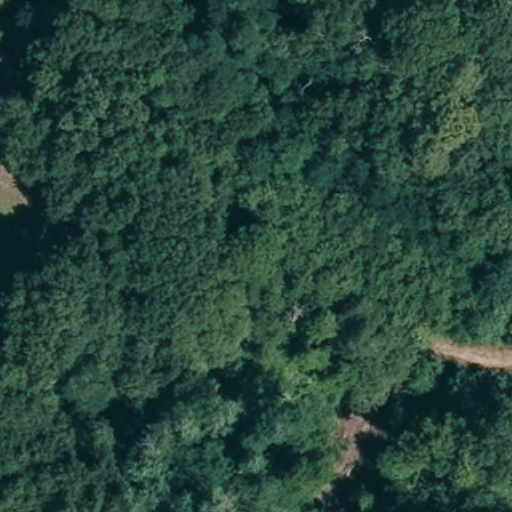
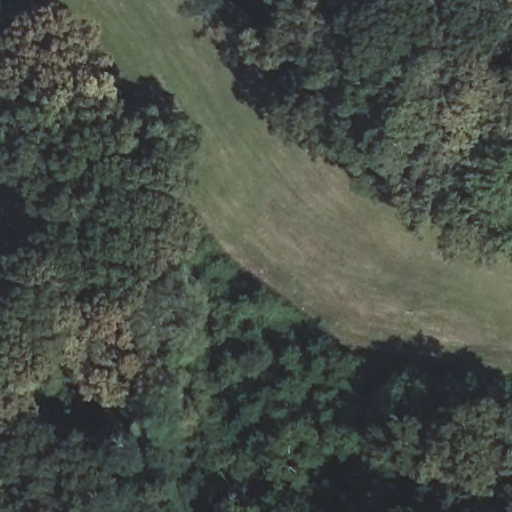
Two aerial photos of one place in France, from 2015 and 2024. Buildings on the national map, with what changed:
[]

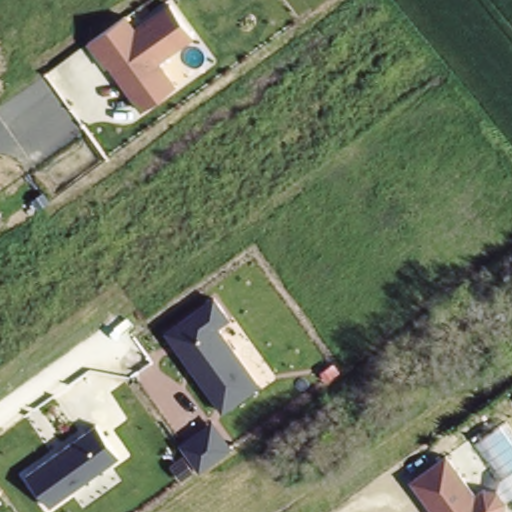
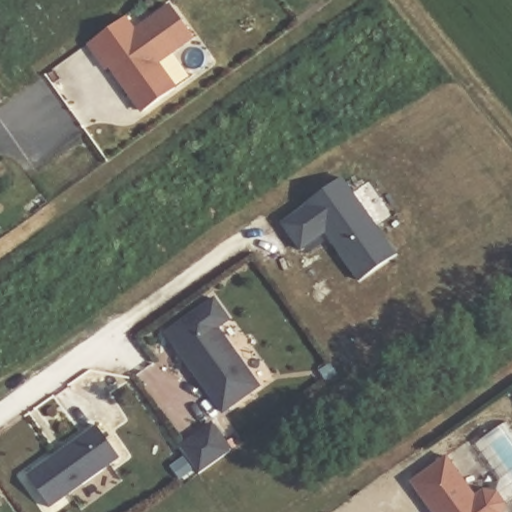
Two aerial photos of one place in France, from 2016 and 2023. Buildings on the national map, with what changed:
unchanged [(160,60),(178,84),(141,110),(90,41),(128,13),(136,24),(167,0),(170,0),(196,34),(160,60)]
new [(361,282),(326,234),(301,252),(281,223),(344,176),(399,254),(361,282)]
unchanged [(232,317),(221,326),(261,383),(223,409),(167,329),(214,292),(232,317)]
unchanged [(233,446),(201,470),(181,443),(213,419),(233,446)]
unchanged [(121,454),(51,505),(26,472),(97,421),(121,454)]
unchanged [(477,493),(484,488),(497,490),(509,508),(503,512),(431,512),(408,479),(444,453),(477,493)]

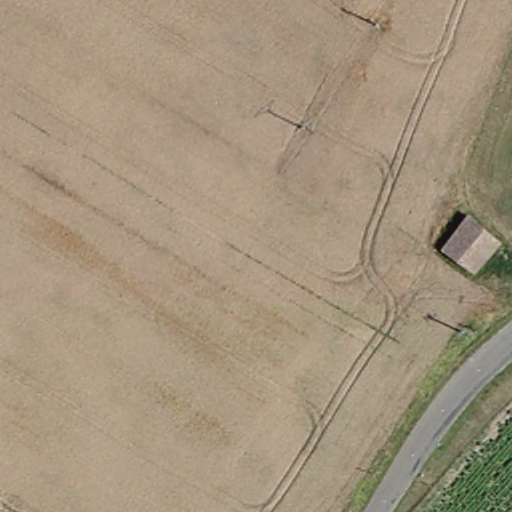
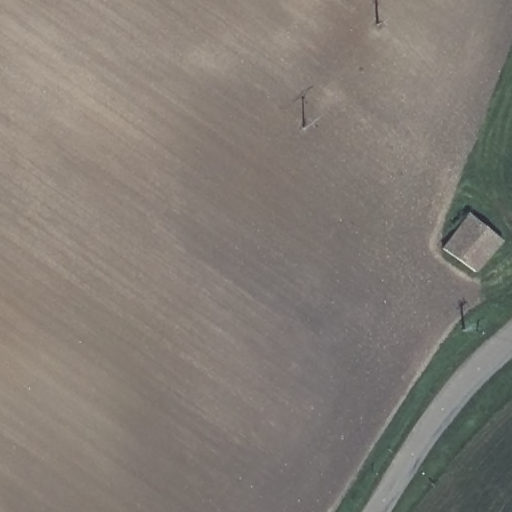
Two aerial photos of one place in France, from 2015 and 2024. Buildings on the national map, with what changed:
unchanged [(475,216),(507,242),(484,272),(451,248),(475,216)]

----------

• [Task to carry out]
Everything in the records above is to be copied exactly, except the pictures.

• [Completed exercise]
Two aerial photos of one place in France, from 2015 and 2024. Buildings on the national map, with what changed:
[]

Two aerial photos of one place in France, from 2016 and 2023. Buildings on the national map, with what changed:
unchanged [(160,60),(178,84),(141,110),(90,41),(128,13),(136,24),(167,0),(170,0),(196,34),(160,60)]
new [(361,282),(326,234),(301,252),(281,223),(344,176),(399,254),(361,282)]
unchanged [(232,317),(221,326),(261,383),(223,409),(167,329),(214,292),(232,317)]
unchanged [(233,446),(201,470),(181,443),(213,419),(233,446)]
unchanged [(121,454),(51,505),(26,472),(97,421),(121,454)]
unchanged [(477,493),(484,488),(497,490),(509,508),(503,512),(431,512),(408,479),(444,453),(477,493)]

Two aerial photos of one place in France, from 2015 and 2024. Buildings on the national map, with what changed:
unchanged [(475,216),(507,242),(484,272),(451,248),(475,216)]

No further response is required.